Unsere Mignon

335 Wörter, 2 Minuten Lesedauer.

Bohdan Lepkyj (Богдан Сильвестрович Лепкий; * 9. November 1872 in Krywenke, Galizien, Österreich-Ungarn; † 21. Juli 1941 in Krakau)


https://de.wikipedia.org/wiki/Bohdan_Lepkyj

Unsere Mignon

Kennst du das Land, wo Blut in Strömen fließt,
Wo Grab an Grab in dichter Reihe steht,
Ein Kind, gleich einer Blume, eh' sie welkt,
Erfroren und krank zugrundegeht –
Kennst du dies Land?
Dahin! Dahin
Möcht ich mit dir, oh mein Geliebter, ziehn!

Kennst du das Haus? Schon lange brennt darin
Kein Ofen mehr, verfallen ist das Dach.
Und niemand weint dort mehr, und niemand lacht –
Verwaist und traurig schimmert das Gemach.
Kennst du dies Haus?
Dahin! Dahin
Möcht ich mit dir, oh mein Geliebter, ziehn!

Kennst du die Kirche? Zersplittert die Ikonen,
Besudelt und geschändet der Altar.
Die Glocke schweigt, sie haben sie mitgenommen,
Nachdem das Kreuz vom Turm gestoßen war.
Kennst du die Kirche?
Dahin! Dahin
Möcht ich mit dir, oh mein Geliebter, ziehn!

Kennst du die Schule? Verwaiste kleine Kinder
Irren fremd umher in Angst und Not.
Der Feind ist nun der Herr der Schule,
Die Lehrerin – gefoltert, tot.
Kennst du die Schule?
Dahin! Dahin
Möcht ich mit dir, oh mein Geliebter, ziehn!

Kennst du das Heer? Das keine Waffen,
Und weder Brot, Gewand noch Stiefel mehr erhält.
Was macht das schon? Es schützt die Heimat,
Und Feind ist ihm – die ganze Welt.
Kennst du das Heer?
Dahin! Dahin
Möcht ich mit dir, oh mein Geliebter, ziehn!

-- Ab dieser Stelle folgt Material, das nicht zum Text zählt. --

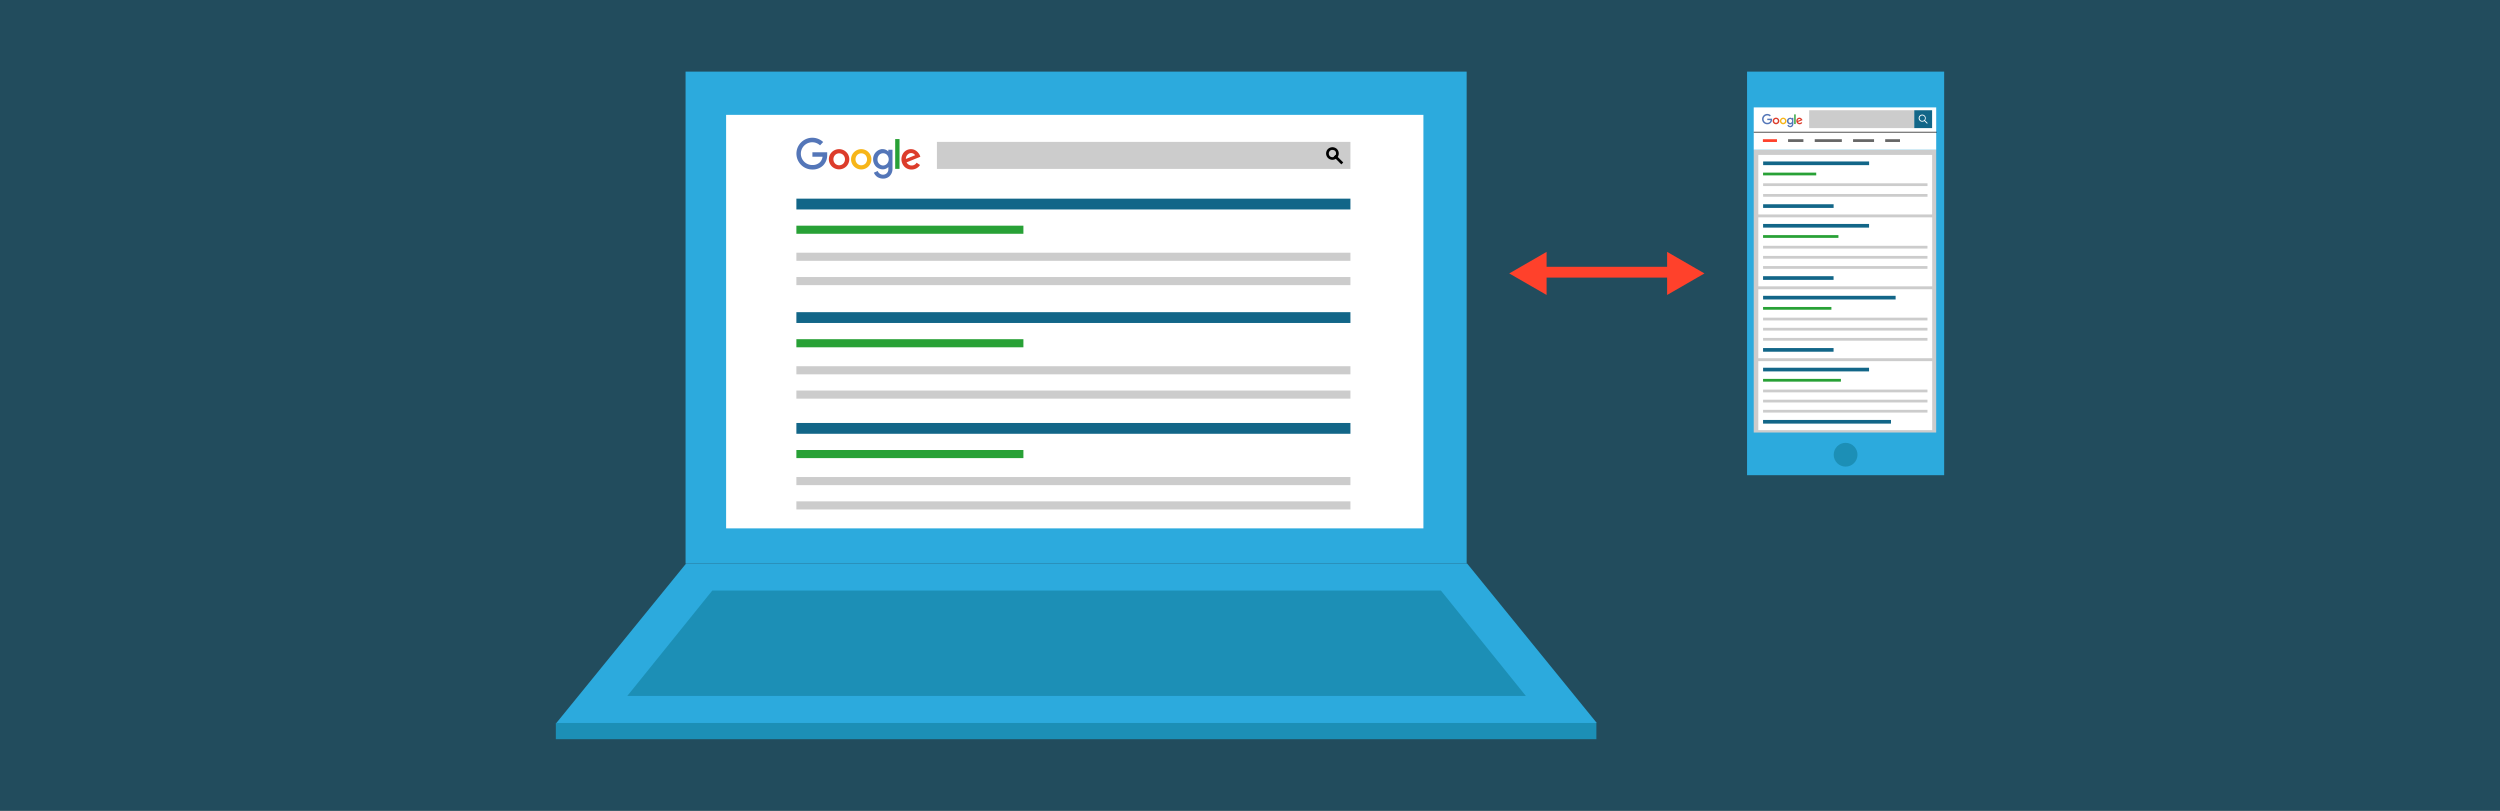 <?xml version="1.0" encoding="UTF-8"?> <svg xmlns="http://www.w3.org/2000/svg" viewBox="0 0 925 300"><rect x="0" y="0" width="925" height="300" fill="#333333" stroke="none"/><defs><style>.cls-1,.cls-11{fill:#126688;}.cls-1,.cls-13{opacity:0.5;}.cls-2{fill:#2caadd;}.cls-3{fill:#fff;}.cls-4{fill:#1c8fb6;}.cls-5{fill:#ccc;}.cls-6{fill:none;}.cls-7{fill:#5476b8;}.cls-7,.cls-8,.cls-9{fill-rule:evenodd;}.cls-8{fill:#dc3c2b;}.cls-9{fill:#f7b518;}.cls-10{fill:#28a136;}.cls-12{fill:#ff412b;}.cls-13,.cls-14{fill:#666;}.cls-13{stroke:#000;stroke-miterlimit:10;stroke-width:0.5px;}</style></defs><title>SEO sfeerbeeld - verschillen tussen de SERPs van mobile en desktop 925x300</title><g id="bg"><rect class="cls-1" width="925" height="300"></rect></g><g id="hulplijnen"><g id="Layer_5" data-name="Layer 5"><rect class="cls-2" x="253.66" y="26.5" width="289" height="182"></rect><rect class="cls-3" x="268.66" y="42.5" width="258" height="153"></rect><polygon class="cls-2" points="253.86 208.5 205.86 267.5 590.81 267.5 542.83 208.5 253.86 208.5"></polygon><polygon class="cls-4" points="263.55 218.5 232.1 257.5 564.57 257.5 533.13 218.5 263.55 218.5"></polygon><rect class="cls-4" x="205.66" y="267.5" width="385" height="6"></rect></g><g id="schermvulling"><rect class="cls-5" x="346.66" y="52.5" width="153" height="10"></rect><path class="cls-5" d="M494.33,55.5a1.84,1.84,0,1,1-2.61,0,1.86,1.86,0,0,1,2.61,0Z"></path><path d="M493,59.13a2.34,2.34,0,0,1-1.65-4,2.41,2.41,0,0,1,3.31,0,2.35,2.35,0,0,1-1.66,4Zm0-3.68a1.33,1.33,0,0,0-1.34,1.34,1.36,1.36,0,0,0,.39,1,1.38,1.38,0,0,0,1.89,0,1.35,1.35,0,0,0,.39-1,1.26,1.26,0,0,0-.39-1,1.35,1.35,0,0,0-.93-.29Z"></path><line class="cls-6" x1="493.83" y1="57.66" x2="496.66" y2="60.49"></line><rect x="494.73" y="57.05" width="1" height="4" transform="translate(103.35 367.55) rotate(-45.01)"></rect></g><g id="logo"><path class="cls-7" d="M303.41,53.78a4.21,4.21,0,1,0-2.89,7.28h.07a3.87,3.87,0,0,0,2.75-1,3.47,3.47,0,0,0,1-2.06h-3.75V56.33h5.47v.91h0a5.41,5.41,0,0,1-1.53,4,5.5,5.5,0,0,1-3.91,1.48h-.08A5.81,5.81,0,0,1,296.4,61a5.88,5.88,0,0,1,6.31-9.63,5.77,5.77,0,0,1,1.86,1.18l-1.14,1.22Z"></path><path class="cls-8" d="M310.46,55.18a3.81,3.81,0,0,1,2.69,1.11,3.73,3.73,0,0,1,0,5.27l0,0a3.83,3.83,0,0,1-5.38,0,3.73,3.73,0,0,1,0-5.27l0,0A3.82,3.82,0,0,1,310.46,55.18ZM312,57.34a2.15,2.15,0,0,0-3,0l0,0a2.33,2.33,0,0,0,0,3.2,2.15,2.15,0,0,0,3,0l0,0A2.31,2.31,0,0,0,312,57.34Z"></path><path class="cls-9" d="M318.64,55.18A3.76,3.76,0,1,1,316,61.6a3.72,3.72,0,0,1-.06-5.25l.06-.06A3.82,3.82,0,0,1,318.64,55.18Zm1.54,2.16a2.15,2.15,0,0,0-3,0l0,0a2.33,2.33,0,0,0,0,3.2,2.15,2.15,0,0,0,3,0l0,0A2.35,2.35,0,0,0,320.18,57.34Z"></path><path class="cls-7" d="M326.46,55.18a2.9,2.9,0,0,1,2.21.87v-.66h1.55v7.17a3.74,3.74,0,0,1-1.1,2.64,3.46,3.46,0,0,1-2.25.89,4.07,4.07,0,0,1-2.15-.54,3.67,3.67,0,0,1-1.39-1.65l1.42-.64a2.09,2.09,0,0,0,2.14,1.36,1.93,1.93,0,0,0,1.8-2v-.83a2.81,2.81,0,0,1-2.05.87,3.63,3.63,0,0,1-2.59-1.1,4,4,0,0,1-1-2.66,3.74,3.74,0,0,1,3.44-3.76Zm1.76,2.16a2,2,0,0,0-2.93,0,2.42,2.42,0,0,0-.61,1.6,2.16,2.16,0,0,0,2,2.3h.07a2.06,2.06,0,0,0,1.47-.7A2.43,2.43,0,0,0,328.22,57.34Z"></path><rect class="cls-10" x="331.22" y="51.45" width="1.61" height="11.03"></rect><path class="cls-8" d="M335.18,58.81l3.42-1.38a1.76,1.76,0,0,0-2.42-.52l-.21.16A2.16,2.16,0,0,0,335.18,58.81Zm.26,1.27a2.11,2.11,0,0,0,2.84.93,2,2,0,0,0,.86-.81l1.27.85a3.68,3.68,0,0,1-3.14,1.68,3.62,3.62,0,0,1-2.65-1.08,4,4,0,0,1-.15-5.32,3.49,3.49,0,0,1,3.78-.93A4.07,4.07,0,0,1,340.52,58Z"></path></g><rect class="cls-10" x="294.66" y="83.5" width="84" height="3"></rect><rect class="cls-5" x="294.66" y="93.5" width="205" height="3"></rect><rect class="cls-5" x="294.66" y="102.5" width="205" height="3"></rect><rect class="cls-11" x="294.66" y="73.5" width="205" height="4"></rect><rect class="cls-10" x="294.66" y="125.5" width="84" height="3"></rect><rect class="cls-5" x="294.66" y="135.5" width="205" height="3"></rect><rect class="cls-5" x="294.66" y="144.5" width="205" height="3"></rect><rect class="cls-11" x="294.66" y="115.5" width="205" height="4"></rect><rect class="cls-10" x="294.66" y="166.5" width="84" height="3"></rect><rect class="cls-5" x="294.66" y="176.5" width="205" height="3"></rect><rect class="cls-5" x="294.66" y="185.5" width="205" height="3"></rect><rect class="cls-11" x="294.66" y="156.5" width="205" height="4"></rect><polygon class="cls-12" points="630.65 101.17 616.83 93.19 616.83 98.71 572.24 98.71 572.24 93.19 558.42 101.17 572.24 109.14 572.24 102.71 616.83 102.71 616.83 109.14 630.65 101.17"></polygon><rect class="cls-2" x="646.41" y="26.5" width="72.93" height="149.32"></rect><circle class="cls-4" cx="682.87" cy="168.25" r="4.4"></circle><rect class="cls-5" x="648.88" y="55.4" width="67.51" height="104.63"></rect><rect class="cls-3" x="648.88" y="39.74" width="67.51" height="15.66"></rect><rect class="cls-3" x="650.57" y="57.32" width="64.31" height="22.03"></rect><rect class="cls-3" x="650.57" y="80.42" width="64.34" height="25.52"></rect><rect class="cls-3" x="650.57" y="107.02" width="64.34" height="25.52"></rect><rect class="cls-3" x="650.57" y="133.62" width="64.34" height="25.52"></rect><line class="cls-13" x1="648.88" y1="48.96" x2="716.59" y2="48.96"></line><rect class="cls-5" x="669.39" y="40.79" width="38.88" height="6.61"></rect><rect class="cls-11" x="708.27" y="40.79" width="6.61" height="6.61"></rect><g id="logo-2" data-name="logo"><path class="cls-7" d="M654.83,43.08a1.37,1.37,0,1,0-.94,2.37h0a1.3,1.3,0,0,0,.9-.33,1.11,1.11,0,0,0,.32-.67h-1.22v-.54h1.78v.29h0a1.73,1.73,0,0,1-.5,1.3,1.81,1.81,0,0,1-1.27.49h0a1.92,1.92,0,1,1,.7-3.7,2,2,0,0,1,.61.39l-.37.39Z"></path><path class="cls-8" d="M657.12,43.54a1.15,1.15,0,0,1,.87.36,1.2,1.2,0,0,1,0,1.71h0a1.23,1.23,0,0,1-1.74,0,1.2,1.2,0,0,1,0-1.71h0A1.15,1.15,0,0,1,657.12,43.54Zm.5.7a.71.71,0,0,0-1,0v0a.75.75,0,0,0,0,1,.71.71,0,0,0,1,0h0A.75.75,0,0,0,657.62,44.24Z"></path><path class="cls-9" d="M659.78,43.54A1.22,1.22,0,0,1,661,44.77a1.22,1.22,0,0,1-2.09.85,1.21,1.21,0,0,1,0-1.7l0,0A1.18,1.18,0,0,1,659.78,43.54Zm.5.7a.71.71,0,0,0-1,0v0a.75.75,0,0,0,0,1,.71.71,0,0,0,1,0h0A.77.77,0,0,0,660.28,44.24Z"></path><path class="cls-7" d="M662.32,43.54a.93.93,0,0,1,.72.28V43.6h.5v2.33a1.2,1.2,0,0,1-.36.86,1.1,1.1,0,0,1-.73.29,1.34,1.34,0,0,1-.7-.17,1.19,1.19,0,0,1-.45-.54l.46-.21a.67.67,0,0,0,.7.44A.62.62,0,0,0,663,46v-.27a.88.88,0,0,1-.66.29,1.2,1.2,0,0,1-.84-.36,1.28,1.28,0,0,1-.33-.87,1.21,1.21,0,0,1,1.12-1.22Zm.57.7a.63.63,0,0,0-.48-.21.61.61,0,0,0-.47.21.77.77,0,0,0-.2.52.69.69,0,0,0,.65.74h0a.66.66,0,0,0,.48-.22A.79.79,0,0,0,662.89,44.24Z"></path><rect class="cls-10" x="663.87" y="42.32" width="0.52" height="3.58"></rect><path class="cls-8" d="M665.15,44.72l1.11-.45a.56.56,0,0,0-.78-.17.18.18,0,0,0-.07,0A.7.7,0,0,0,665.15,44.72Zm.09.41a.68.68,0,0,0,.92.3.7.7,0,0,0,.28-.26l.41.27a1.2,1.2,0,0,1-1,.55,1.17,1.17,0,0,1-.86-.35,1.31,1.31,0,0,1-.05-1.73,1.14,1.14,0,0,1,1.23-.3,1.33,1.33,0,0,1,.74.85Z"></path></g><rect class="cls-10" x="652.33" y="63.87" width="19.67" height="1.02"></rect><rect class="cls-12" x="652.27" y="51.51" width="5.21" height="1.02"></rect><rect class="cls-14" x="661.58" y="51.51" width="5.68" height="1.02"></rect><rect class="cls-14" x="671.45" y="51.51" width="10.03" height="1.02"></rect><rect class="cls-14" x="685.63" y="51.51" width="7.77" height="1.02"></rect><rect class="cls-14" x="697.52" y="51.51" width="5.48" height="1.02"></rect><rect class="cls-5" x="652.35" y="67.82" width="60.83" height="1.02"></rect><rect class="cls-5" x="652.35" y="71.78" width="60.83" height="1.02"></rect><rect class="cls-11" x="652.36" y="59.74" width="39.21" height="1.36"></rect><rect class="cls-11" x="652.35" y="75.57" width="26.09" height="1.36"></rect><rect class="cls-10" x="652.33" y="86.99" width="27.89" height="1.02"></rect><rect class="cls-5" x="652.33" y="90.95" width="60.83" height="1.02"></rect><rect class="cls-5" x="652.33" y="94.69" width="60.83" height="1.02"></rect><rect class="cls-11" x="652.34" y="82.86" width="39.21" height="1.36"></rect><rect class="cls-5" x="652.33" y="98.44" width="60.83" height="1.02"></rect><rect class="cls-11" x="652.33" y="102.19" width="26.09" height="1.36"></rect><rect class="cls-10" x="652.33" y="113.58" width="25.29" height="1.02"></rect><rect class="cls-5" x="652.33" y="117.54" width="60.83" height="1.02"></rect><rect class="cls-5" x="652.33" y="121.29" width="60.83" height="1.02"></rect><rect class="cls-11" x="652.34" y="109.45" width="49.04" height="1.36"></rect><rect class="cls-5" x="652.33" y="125.03" width="60.83" height="1.02"></rect><rect class="cls-11" x="652.33" y="128.78" width="26.09" height="1.36"></rect><rect class="cls-10" x="652.33" y="140.19" width="28.81" height="1.02"></rect><rect class="cls-5" x="652.33" y="144.15" width="60.83" height="1.02"></rect><rect class="cls-5" x="652.33" y="147.89" width="60.83" height="1.02"></rect><rect class="cls-11" x="652.34" y="136.06" width="39.21" height="1.36"></rect><rect class="cls-5" x="652.33" y="151.64" width="60.83" height="1.02"></rect><rect class="cls-11" x="652.33" y="155.38" width="47.34" height="1.36"></rect><path class="cls-3" d="M713.24,45.54l-1-1a1.31,1.31,0,1,0-1,.49,1.3,1.3,0,0,0,.77-.26l1,1Zm-3-1.81a1,1,0,1,1,1,1A1,1,0,0,1,710.26,43.73Z"></path></g></svg>

Aus dem Ukrainischen von Stefan Simonek, aus: Europa erlesen. Galizien. Hrsg. Stefan Simonek und Alois Woldan. Klagenfurt/Celovec, 1998, S. 55f

Bohdan Sylwestrowytsch Lepkyj (ukrainisch Богдан Сильвестрович Лепкий; * 9. November 1872 in Krywenke, Galizien, Österreich-Ungarn; † 21. Juli 1941 in Krakau) war ein ukrainischer Schriftsteller, Literaturwissenschaftler und Künstler.
Lepkyj kam im Dorf Krywenke (heute im Rajon Tschortkiw der ukrainischen Oblast Ternopil) zur Welt. Er studierte an den Universitäten von Lemberg, Wien und Krakau und lehrte im Anschluss zwischen 1895 und 1899 an einem Gymnasium in Bereschany und darauf folgend ab 1899 an der Universität in Krakau. Während des Ersten Weltkrieges lehrte er an der Wiener Universität, in den Jahren 1921 bis 1926 lebte er in Berlin und anschließend lehrte er erneut bis 1939, von 1932 an als Professor für ukrainische Literatur, an der Krakauer Universität. 1938/39 war er Mitglied des polnischen Senats.